- _What you are asked to do_: Only a number is wanted: how many lines of the entries include the string "clipPath"?

- _Information provided_:
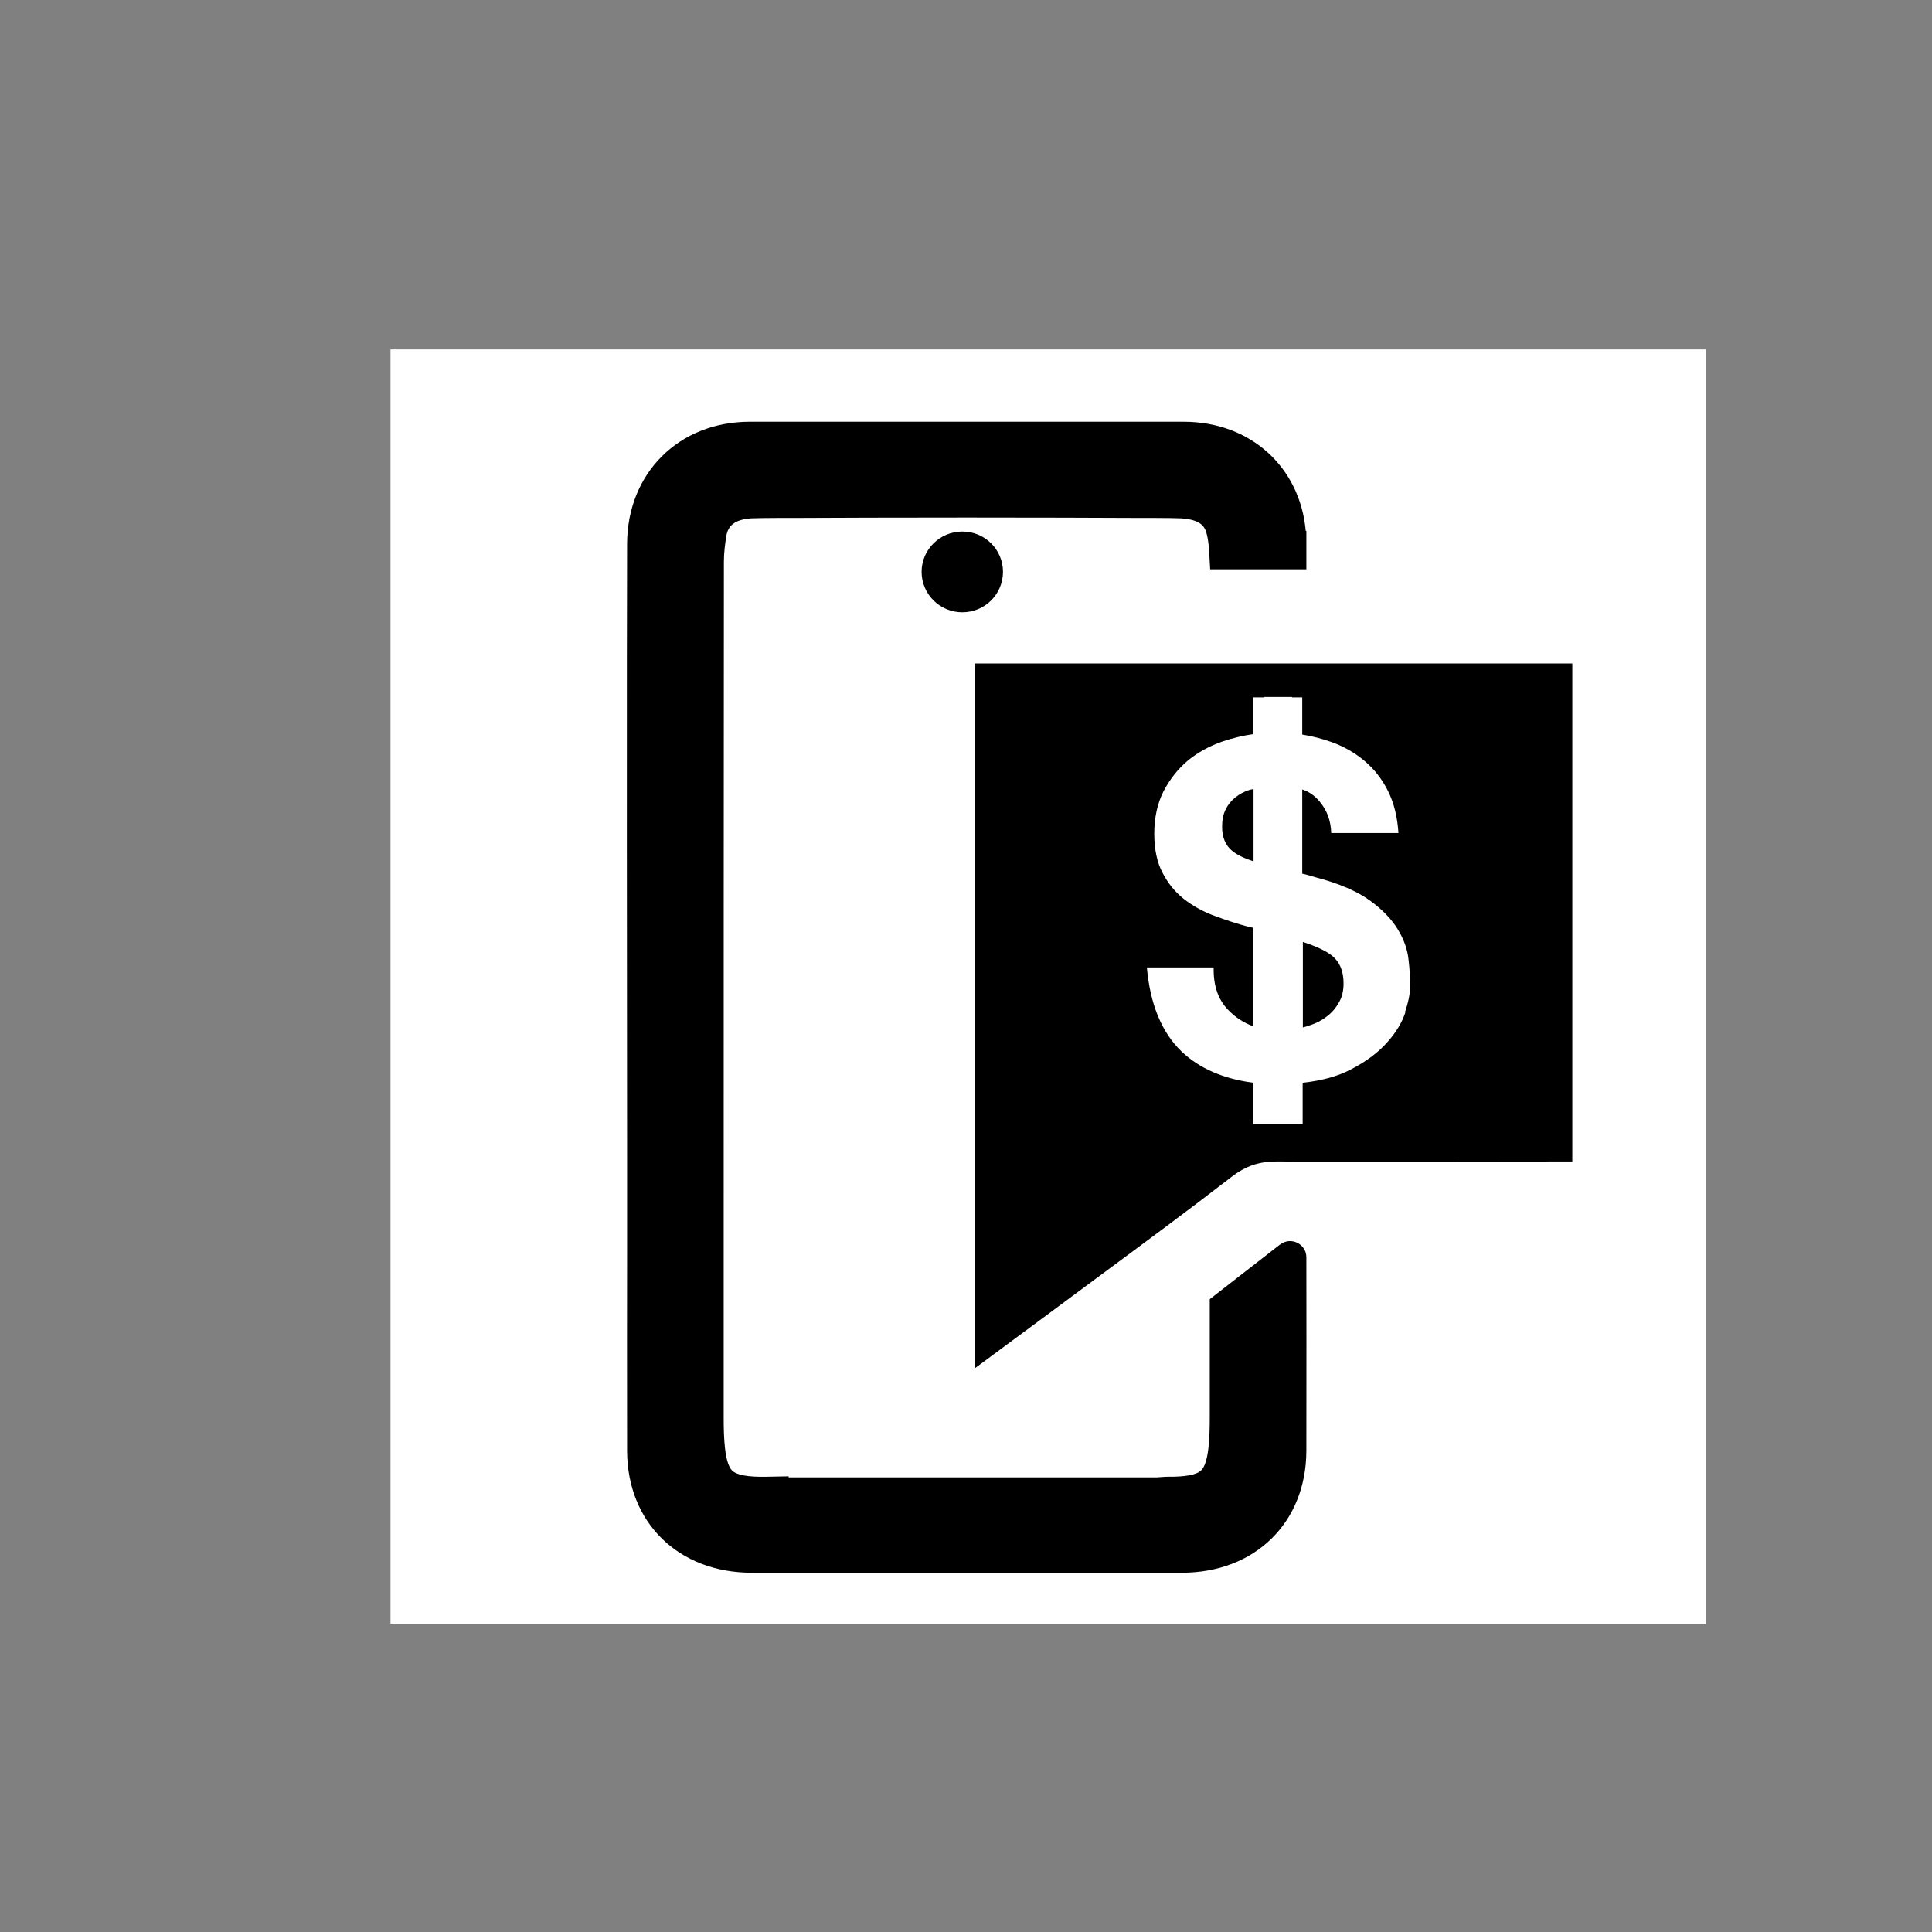 <?xml version="1.0"?>
<svg width="94" height="94" xmlns="http://www.w3.org/2000/svg" xmlns:svg="http://www.w3.org/2000/svg">
 <rect width="100%" height="100%" fill="#808080" stroke="none"/>
 <defs>
  <clipPath id="clip0_533_8607">
   <rect fill="white" height="56" id="svg_1" transform="translate(30.5 20.518)" width="46"/>
  </clipPath>
 </defs>
 <g class="layer">
  <title>Layer 1</title>
  <rect fill="white" height="62" id="svg_2" width="64" x="19" y="17"/>
  <g clip-path="url(#clip0_533_8607)" id="svg_4">
   <path d="m46.82,29.79c1.1,0 1.98,-0.88 1.98,-1.97c0,-1.08 -0.88,-1.96 -1.98,-1.96c-1.09,0 -1.98,0.88 -1.98,1.96c0,1.09 0.89,1.97 1.98,1.97z" fill="black" id="svg_5"/>
   <path d="m62.28,60.55l-3.42,2.66l0,5.78c0,0.92 -0.04,2.19 -0.42,2.55c-0.22,0.22 -0.77,0.32 -1.68,0.31l-0.03,0l-0.43,0.03l-17.93,0l0,-0.05l-1.06,0.02c-0.91,0.02 -1.46,-0.08 -1.69,-0.3c-0.37,-0.37 -0.41,-1.63 -0.41,-2.55l0,-6.28c0,-10.99 0,-27.44 0.01,-35.39c0,-0.41 0.05,-0.85 0.13,-1.32c0.02,-0.09 0.05,-0.18 0.09,-0.25c0.11,-0.22 0.35,-0.48 1.09,-0.54c0.3,-0.01 0.76,-0.02 1.33,-0.02l0.72,0c1.96,-0.01 5.19,-0.02 8.46,-0.02c3.27,0 6.49,0.01 8.45,0.02l0.71,0c0.58,0 1.04,0.01 1.29,0.02c0.8,0.06 1.03,0.31 1.13,0.51c0.05,0.09 0.08,0.19 0.1,0.28c0.05,0.21 0.08,0.43 0.1,0.63l0.06,1.06l4.68,0l0,-1.87l-0.03,0c-0.28,-3.11 -2.69,-5.31 -5.94,-5.31l-0.09,0c-2.18,0 -4.36,0 -6.54,0l-3.93,0l-4.69,0c-1.93,0 -3.85,0 -5.79,0l-0.07,0c-3.45,0 -5.96,2.5 -5.97,5.94c-0.02,3.63 -0.01,25.63 0,29.73c0,0.03 0,0.05 0,0.08l0,4.74c0,3 -0.01,4.75 0,9.58c0.01,3.49 2.5,5.93 6.07,5.93l2.12,0l8.34,0l7.13,0l3.33,0c3.56,0 6.05,-2.44 6.06,-5.93c0.01,-4.75 0,-6.51 0,-9.42c0,-0.65 -0.76,-1.02 -1.27,-0.62l-0.01,0z" fill="black" id="svg_6"/>
   <path d="m63.39,45.84l0,4.15c0.12,-0.03 0.24,-0.07 0.36,-0.11c0.3,-0.1 0.57,-0.24 0.8,-0.42c0.24,-0.18 0.44,-0.41 0.59,-0.68c0.16,-0.26 0.23,-0.58 0.23,-0.94c0,-0.6 -0.19,-1.04 -0.56,-1.34c-0.3,-0.24 -0.78,-0.46 -1.42,-0.67l0,0.01z" fill="black" id="svg_7"/>
   <path d="m47.42,32.28l0,34.3l3.46,-2.56c0.9,-0.67 1.79,-1.33 2.71,-2.01c2.19,-1.62 4.26,-3.15 6.33,-4.75c0.69,-0.53 1.33,-0.75 2.2,-0.75l0.12,0c1.31,0.02 14.26,0 14.26,0l0,-24.23l-29.08,0zm20.96,16.97c-0.17,0.51 -0.47,1.01 -0.91,1.49c-0.44,0.49 -1.02,0.92 -1.76,1.3c-0.63,0.33 -1.4,0.54 -2.33,0.64l0,2.02l-2.4,0l0,-2.02c-1.46,-0.19 -2.63,-0.7 -3.49,-1.52c-0.97,-0.93 -1.53,-2.3 -1.69,-4.09l3.25,0c-0.02,0.87 0.21,1.55 0.69,2.05c0.35,0.37 0.76,0.64 1.23,0.81l0,-4.79c-0.06,-0.01 -0.13,-0.03 -0.2,-0.04c-0.56,-0.15 -1.12,-0.33 -1.68,-0.54c-0.55,-0.2 -1.05,-0.48 -1.49,-0.82c-0.43,-0.34 -0.78,-0.77 -1.04,-1.28c-0.27,-0.51 -0.4,-1.15 -0.4,-1.91c0,-0.75 0.15,-1.46 0.45,-2.05c0.31,-0.59 0.7,-1.09 1.19,-1.5c0.49,-0.4 1.06,-0.71 1.7,-0.93c0.48,-0.16 0.97,-0.28 1.47,-0.35l0,-1.79l0.53,0l0,-0.02l1.36,0l0,0.02l0.5,0l0,1.81c0.51,0.08 0.99,0.21 1.44,0.37c0.61,0.22 1.14,0.53 1.6,0.92c0.46,0.39 0.84,0.87 1.13,1.45c0.29,0.58 0.46,1.26 0.51,2.05l-3.27,0c-0.02,-0.61 -0.21,-1.12 -0.58,-1.55c-0.24,-0.28 -0.52,-0.47 -0.83,-0.57l0,4.1c0,0 0.04,0.01 0.06,0.01c0.19,0.05 0.4,0.1 0.61,0.17c1.14,0.3 2.01,0.68 2.63,1.13c0.61,0.44 1.06,0.92 1.35,1.4c0.3,0.49 0.47,0.98 0.52,1.46c0.06,0.49 0.08,0.92 0.08,1.31c0,0.33 -0.08,0.75 -0.25,1.26l0.02,0z" fill="black" id="svg_8"/>
   <path d="m60.1,38.8c-0.2,0.16 -0.36,0.36 -0.47,0.59c-0.12,0.24 -0.17,0.52 -0.17,0.84c0,0.5 0.16,0.89 0.48,1.16c0.24,0.2 0.59,0.37 1.05,0.52l0,-3.52c-0.08,0.01 -0.15,0.03 -0.22,0.05c-0.25,0.08 -0.47,0.2 -0.67,0.36l0,0z" fill="black" id="svg_9"/>
  </g>
 </g>
</svg>

- _Solution for this task_: 2